Exercise goal:
The first line of the entries is where the copy starts and the line with "FILE_DESCRIPTION(/* description */" is where it ends; set down each line exactly, both ends included, and drop pictures.

[Records from a collection]
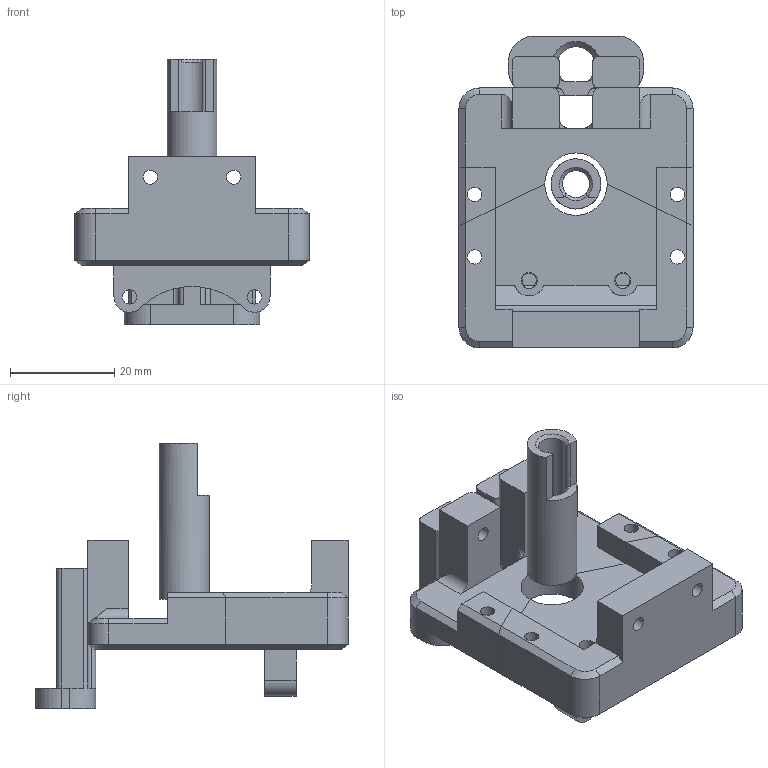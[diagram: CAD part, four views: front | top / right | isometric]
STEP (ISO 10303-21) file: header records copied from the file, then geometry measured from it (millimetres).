
FILE_DESCRIPTION(/* description */ (''),/* implementation_level */ '2;1');
FILE_NAME(/* name */ 'V6 Hotend Mount.step',/* time_stamp */ '2024-09-18T14:35:30-04:00',/* author */ (''),/* organization */ (''),/* preprocessor_version */ 'ST-DEVELOPER v20',/* originating_system */ 'Autodesk Translation Framework v13.14.0.145',/* authorisation */ '');
FILE_SCHEMA (('AUTOMOTIVE_DESIGN { 1 0 10303 214 3 1 1 }'));
Length unit declared in the file: millimetre
Products named in the file (5): V6 Hotend Mount; Mount; 3010 Heasink Fan Mount; Touch Mount; PTFE Brace
Assembly tree (4 placements, depth 3):
  V6 Hotend Mount
    Mount
      3010 Heasink Fan Mount
      Touch Mount
      PTFE Brace
Bounding box: 45 x 60 x 51.08 mm (x, y, z)
Volume: 24696.7 mm3; surface area: 14172 mm2
Topology: 7 solids, 7 shells, 190 faces, 490 edges, 318 vertices
Faces by surface type: plane 108, cylinder 65, cone 17
Full cylindrical faces by diameter (mm): 2.75 x16, 3.1 x2, 5.2 x1, 7.382 x1, 9.6 x1
Entity records: 6055 total; most frequent: CARTESIAN_POINT 1092, DIRECTION 1045, ORIENTED_EDGE 980, EDGE_CURVE 490, AXIS2_PLACEMENT_3D 366, VERTEX_POINT 318, LINE 313, VECTOR 313

Your response:
[diagram: CAD part, four views: front | top / right | isometric]
STEP (ISO 10303-21) file: header records copied from the file, then geometry measured from it (millimetres).
FILE_DESCRIPTION(/* description */ (''),/* implementation_level */ '2;1');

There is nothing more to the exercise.